0

I'm very new to trying use python with my work,

here's an excel worksheet I got:

  • A as product name in July,
  • B as product Qty in July,
  • C as product name in Aug,
  • D as product Qty in Aug

I needed to get the result of difference between them:

  1. find exactly sold Qty in next month
  2. calculated the subtract
|A           |   B|C           |   D|
|SRHAVWRQT   |   1|SRHAVWRQT   |   4|
|SCMARAED3MQT|   0|SCMARAED3MQT|   2|
|WVVMUMCRQT  |   7|WVVMUMCBR   |   7|
...
...

I know how to solved this in excel like what I did,

with INDEX + MATCH and the difference:

=G3-INDEX(B:B,MATCH(F3,A:A,0))

than I would having the result as I need The original data

The result perform

but how am I would perform it in python? and which tool would be use? (e.g. pandas? numpy?)

with other answer I'd read, but it seems just performed only INDEX/MATCH function and/or they are trying to solve the calculation between Multiple Sheet but I just need the result of 2 columns.
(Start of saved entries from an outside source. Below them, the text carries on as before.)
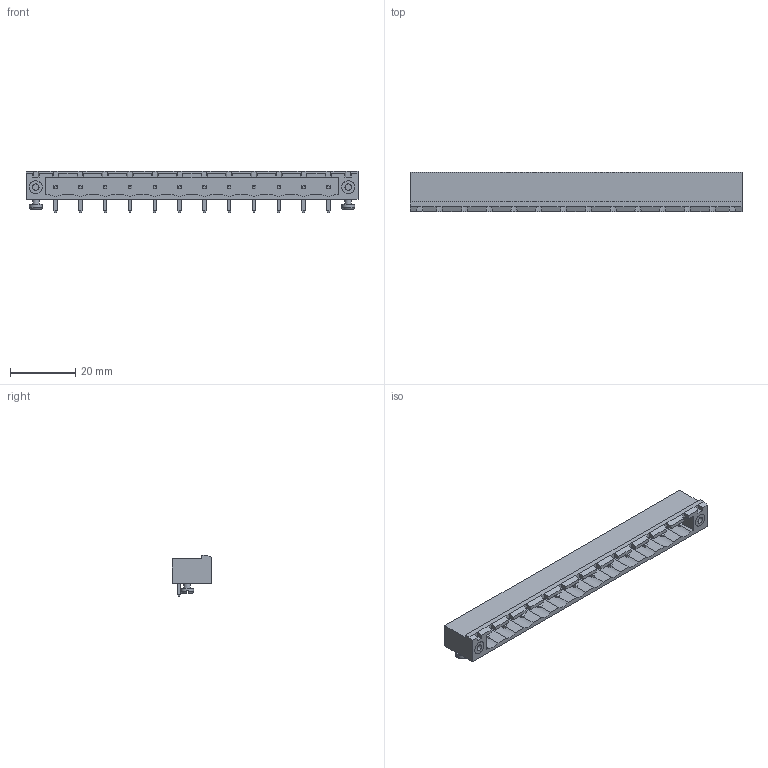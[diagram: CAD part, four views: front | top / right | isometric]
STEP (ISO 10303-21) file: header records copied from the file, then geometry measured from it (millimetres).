
FILE_DESCRIPTION(/* description */ ('model of PhoenixContact_GMSTB-GF_12x7.62mm_Angled_ThreadedFlange_MountHole.'),/* implementation_level */ FILE_NAME(/* name */ 'PhoenixContact_GMSTB-GF_12x7.62mm_Angled_ThreadedFlange_MountHole..stp',/* time_stamp */ '2017-02-27T16:36:51',/* author */ ('Rene Poeschl',''),/* organization */ (''),/* preprocessor_version */ '',/* originating_system */ '',/* authorisation */ '');
FILE_NAME(/* name */ 'PhoenixContact_GMSTB-GF_12x7.62mm_Angled_ThreadedFlange_MountHole..stp',/* time_stamp */ '2017-02-27T16:36:51',/* author */ ('Rene Poeschl',''),/* organization */ (''),/* preprocessor_version */ '',/* originating_system */ '',/* authorisation */ '');
FILE_SCHEMA(('AUTOMOTIVE_DESIGN_CC2 { 1 2 10303 214 -1 1 5 4 }'));
Length unit declared in the file: millimetre
Products named in the file (1): GMSTB_01x12_GF_7_62mm_MH
Bounding box: 102.02 x 12 x 12.6 mm (x, y, z)
Volume: 5431.8 mm3; surface area: 6623.3 mm2
Topology: 1 solids, 1 shells, 349 faces, 825 edges, 510 vertices
Faces by surface type: plane 327, cylinder 18, torus 4
Full cylindrical faces by diameter (mm): 2 x4, 4 x2
Entity records: 25023 total; most frequent: CARTESIAN_POINT 6083, DIRECTION 2925, LINE 2085, VECTOR 2085, ORIENTED_EDGE 1650, PCURVE 1650, DEFINITIONAL_REPRESENTATION 1650, EDGE_CURVE 825

How to perform an Excel INDEX MATCH equivalent in Python

Index match with python

Calculate Match percentage of values from One sheet to another Using Python

https://focaalvarez.medium.com/vlookup-and-index-match-equivalences-in-pandas-160ac2910399

Or there's just will be a completely different way of processing in python

PaPaFox552
  • 82
  • 7

1 Answers1

0

A classic use case there. For anything involving Excel and Python, you'll want to familiarise yourself with the Pandas library; it can handle a lot of what you're asking for.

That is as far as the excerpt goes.